Deep Learning is moving to edge devices, ushering in a new age of distributed Artificial Intelligence (AI). The high demand of computational resources required by deep neural networks may be alleviated by approximate computing techniques, and most notably reduced-precision arithmetic with coarsely quantized numerical representations. In this context, Bonseyes comes in as an initiative to enable stakeholders to bring AI to low-power and autonomous environments such as: Automotive, Medical Healthcare and Consumer Electronics.

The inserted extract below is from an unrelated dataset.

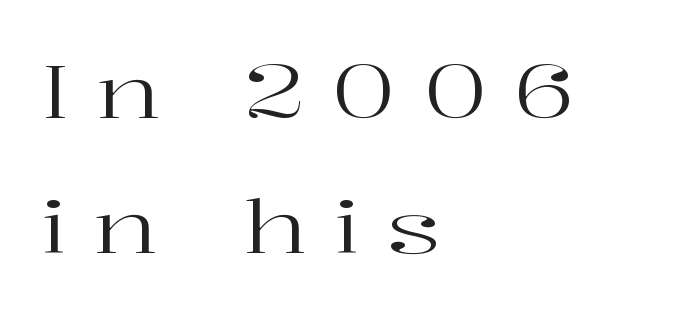
{"serif": "yes", "italic": "no", "bold": "no", "weight": "regular", "width": "wide", "stroke_contrast": "high", "x_height": "medium", "monospaced": "no", "underline": "no", "align": "left", "line_spacing_ratio": 1.82, "letter_spacing": "wide", "letter_spacing_em": 0.35, "glyph_px": 74}

To achieve this, we introduce LPDNN, a framework for optimized deployment of Deep Neural Networks on heterogeneous embedded devices. In this work, we detail the quantization engine that is integrated in LPDNN. The engine depends on a fine-grained workflow which enables a Neural Network Design Exploration and a sensitivity analysis of each layer for quantization. We demonstrate the engine with a case study on Alexnet and VGG16 for three different techniques for direct quantization: standard fixed-point, dynamic fixed-point and k-means clustering, and demonstrate the potential of the latter. We argue that using a Gaussian quantizer with k-means clustering can achieve better performance than linear quantizers. Without retraining, we achieve over 55.64\% saving for weights' storage and 69.17\% for run-time memory accesses with less than 1\% drop in top5 accuracy in Imagenet.